Dal 23 marzo e al 13 aprile i telespettatori di RAI1 hanno assistito alla messa del nuovo sceneggiato dedicato al genio di Leonardo da Vinci, produzione italo-francese decisamente ambiziosa, presentata fin da subito come un “crime mistery”, in cui necessariamente si inseriscono elementi di invenzione, che però si prometteva di svelare “il mistero di uno dei personaggi più affascinanti ed enigmatici della storia”, scavando “in una personalità complessa ed enigmatica rivelandone la straordinaria modernità e profondissima umanità”.

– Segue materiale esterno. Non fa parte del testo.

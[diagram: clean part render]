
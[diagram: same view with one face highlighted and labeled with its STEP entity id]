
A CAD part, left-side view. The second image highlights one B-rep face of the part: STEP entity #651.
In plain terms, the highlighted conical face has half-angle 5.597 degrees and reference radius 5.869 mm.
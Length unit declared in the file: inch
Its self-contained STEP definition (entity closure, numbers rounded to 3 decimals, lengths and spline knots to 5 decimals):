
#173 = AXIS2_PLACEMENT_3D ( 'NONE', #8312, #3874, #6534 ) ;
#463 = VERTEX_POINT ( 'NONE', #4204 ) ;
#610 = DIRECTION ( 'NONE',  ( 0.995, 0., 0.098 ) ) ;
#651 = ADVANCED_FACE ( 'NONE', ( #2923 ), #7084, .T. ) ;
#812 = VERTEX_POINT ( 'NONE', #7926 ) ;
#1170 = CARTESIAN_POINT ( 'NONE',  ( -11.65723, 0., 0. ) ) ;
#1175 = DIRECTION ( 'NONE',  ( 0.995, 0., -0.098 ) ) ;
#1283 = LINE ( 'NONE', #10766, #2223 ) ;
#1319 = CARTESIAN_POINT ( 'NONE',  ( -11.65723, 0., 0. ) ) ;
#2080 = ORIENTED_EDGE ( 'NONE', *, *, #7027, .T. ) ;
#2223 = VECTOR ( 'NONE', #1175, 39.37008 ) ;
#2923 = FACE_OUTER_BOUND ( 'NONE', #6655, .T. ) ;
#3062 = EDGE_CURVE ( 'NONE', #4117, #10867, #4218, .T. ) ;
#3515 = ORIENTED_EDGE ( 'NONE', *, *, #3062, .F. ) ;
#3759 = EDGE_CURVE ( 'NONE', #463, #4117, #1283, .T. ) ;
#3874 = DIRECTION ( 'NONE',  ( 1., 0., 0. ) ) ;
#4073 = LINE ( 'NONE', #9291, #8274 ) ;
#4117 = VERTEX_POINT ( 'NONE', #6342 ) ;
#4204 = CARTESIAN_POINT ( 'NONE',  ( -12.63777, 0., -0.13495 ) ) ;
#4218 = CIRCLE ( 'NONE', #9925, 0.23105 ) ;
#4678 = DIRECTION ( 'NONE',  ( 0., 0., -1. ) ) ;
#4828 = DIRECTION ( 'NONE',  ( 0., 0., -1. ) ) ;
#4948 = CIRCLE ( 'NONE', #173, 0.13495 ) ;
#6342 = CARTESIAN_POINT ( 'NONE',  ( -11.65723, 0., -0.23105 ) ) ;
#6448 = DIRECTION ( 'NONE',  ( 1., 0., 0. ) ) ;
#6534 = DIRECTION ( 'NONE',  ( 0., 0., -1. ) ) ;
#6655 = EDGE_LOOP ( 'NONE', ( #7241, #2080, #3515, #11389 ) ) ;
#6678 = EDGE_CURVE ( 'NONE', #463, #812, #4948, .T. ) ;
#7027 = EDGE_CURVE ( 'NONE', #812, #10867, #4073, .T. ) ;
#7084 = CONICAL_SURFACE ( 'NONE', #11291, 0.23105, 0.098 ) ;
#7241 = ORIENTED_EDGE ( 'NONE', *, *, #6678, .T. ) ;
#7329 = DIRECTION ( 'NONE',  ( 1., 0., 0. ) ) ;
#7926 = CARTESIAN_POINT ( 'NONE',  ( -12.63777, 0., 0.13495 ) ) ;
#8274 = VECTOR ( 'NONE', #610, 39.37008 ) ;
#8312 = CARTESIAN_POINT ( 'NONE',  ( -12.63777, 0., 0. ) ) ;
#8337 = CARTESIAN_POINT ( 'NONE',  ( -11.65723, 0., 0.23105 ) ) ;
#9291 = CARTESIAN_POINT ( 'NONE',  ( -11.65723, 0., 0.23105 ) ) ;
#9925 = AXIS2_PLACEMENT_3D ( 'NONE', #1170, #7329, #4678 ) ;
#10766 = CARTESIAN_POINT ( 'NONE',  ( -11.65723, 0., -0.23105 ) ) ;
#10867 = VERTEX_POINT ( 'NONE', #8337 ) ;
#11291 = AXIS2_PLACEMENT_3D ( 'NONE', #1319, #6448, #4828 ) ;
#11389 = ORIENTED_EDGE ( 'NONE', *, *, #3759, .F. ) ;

In realtà, di storico si è visto molto poco, nonostante la vita di Leonardo sia stata ampiamente studiata e presenti una cronologia con molti punti saldi, incluso il fatto che nel 1506, anno del fantomatico processo che apre la vicenda attorno a cui ruota tutta la serie, Leonardo non fosse a Milano. Era invece a Milano 16 anni prima, nel 1490, quando si preferisce piazzarlo a bottega dal Verrocchio (morto nel 1488!), dove conosce la coprotagonista Caterina da Cremona. In pochi minuti dall’aprirsi della serie l’intera cronologia viene completamente stravolta, e si introducono due fatti mai avvenuti, su cui si fonda l’intero intreccio: un falso processo per omicidio e un rapporto preferenziale con un personaggio storicamente non attestato, se non come nome isolato in una fonte tarda.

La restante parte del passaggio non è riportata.